The long program started with Saint-Saëns' Orient et Occident, a march in a rigid 'ABA’ form. The opening section and the recapitulation were almost Elgarian – only the middle section shows Eastern influence. Next was Ravel’s Scheherazade, an overture for an opera that Ravel never wrote. Composed in 1898, it remained unpublished until 1975 which may have been for the best: it came off sounding dull, despite Botstein’s best efforts.
In front of a reduced orchestra, soprano Julia Bullock performed Four Hindu Poems by Maurice Delage with incredible virtuosity and conviction. Cesar Franck’s Les Djinns, for orchestra and piano, was a musing on the relation between humans and spirits (Djinns). Ominous lower notes in the bass mixed with beautiful, flowing melodies on piano, ending with a forbidding F-sharp in the lowest register. Pianist Julia Zilberquit juggled the virtuosic runs and deceptively simple melodies with ease.

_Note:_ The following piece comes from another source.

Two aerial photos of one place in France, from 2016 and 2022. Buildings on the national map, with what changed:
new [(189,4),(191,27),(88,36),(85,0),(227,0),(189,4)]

The concert ended with Georges Bizet's Djamileh, a one-act opera that Botstein declared “one of his greatest completed works.” The plot is simple: love lost, love gained, love lost again, told with a near-perfect combination of humor, sensuality, and emotional gravity. Several of the recitatives were delivered in English, such as: “I haven’t had this much fun since the Super Bowl halftime show.”

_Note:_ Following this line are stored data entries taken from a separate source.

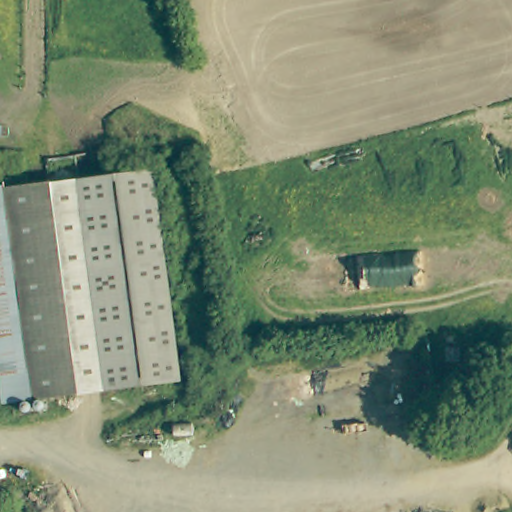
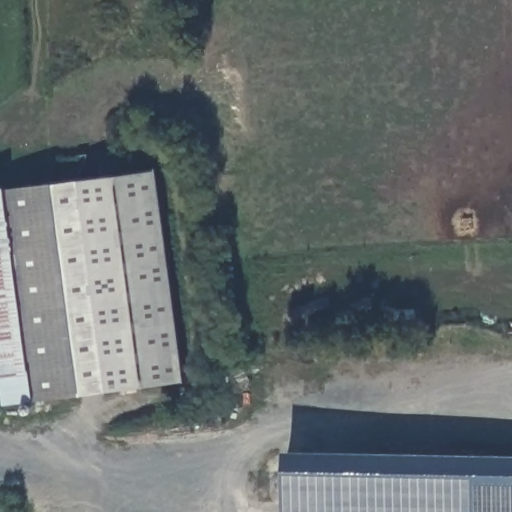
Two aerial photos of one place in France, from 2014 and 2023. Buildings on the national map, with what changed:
unchanged [(156,178),(167,389),(1,396),(0,367),(0,189),(156,178)]
new [(512,460),(512,512),(284,512),(285,457),(512,460)]

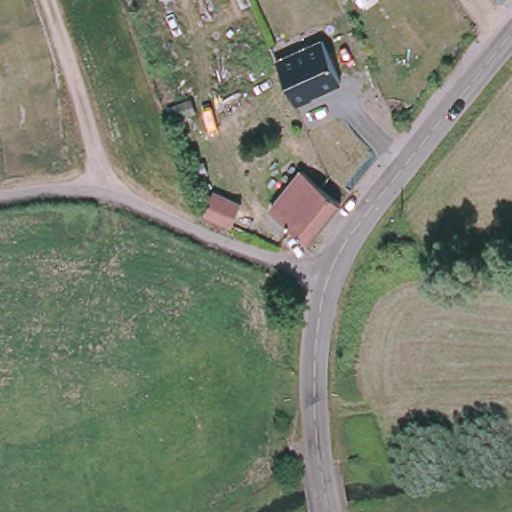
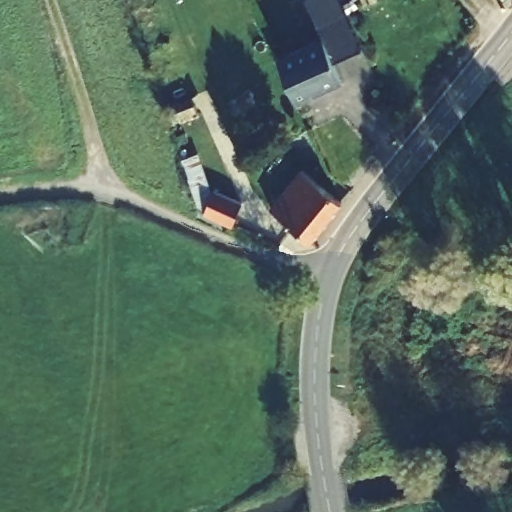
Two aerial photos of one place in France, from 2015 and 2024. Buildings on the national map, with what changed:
new [(306,0),(339,0),(361,51),(334,61),(324,37),(306,0)]
unchanged [(324,37),(343,82),(299,103),(277,57),(324,37)]
unchanged [(343,192),(335,203),(304,244),(270,219),(309,167),(323,177),(343,192)]
unchanged [(215,193),(266,216),(256,239),(205,217),(215,193)]

Haroun (Colin Answorth) and Splendiano (Philip Cutlip) played two men who are both in love with a slave, Djamileh (Eve Gigliotti). Answorth was fine as Haroun, but sandwiched between the buffoonish Splendiano and the lovelorn Djamileh, he came across a bit bland. Nevertheless, this was a terrific performance of a fun, engaging opera that has been unfairly neglected since its composition. Once again, give Leon Botstein and the ASO credit for helping to right that wrong.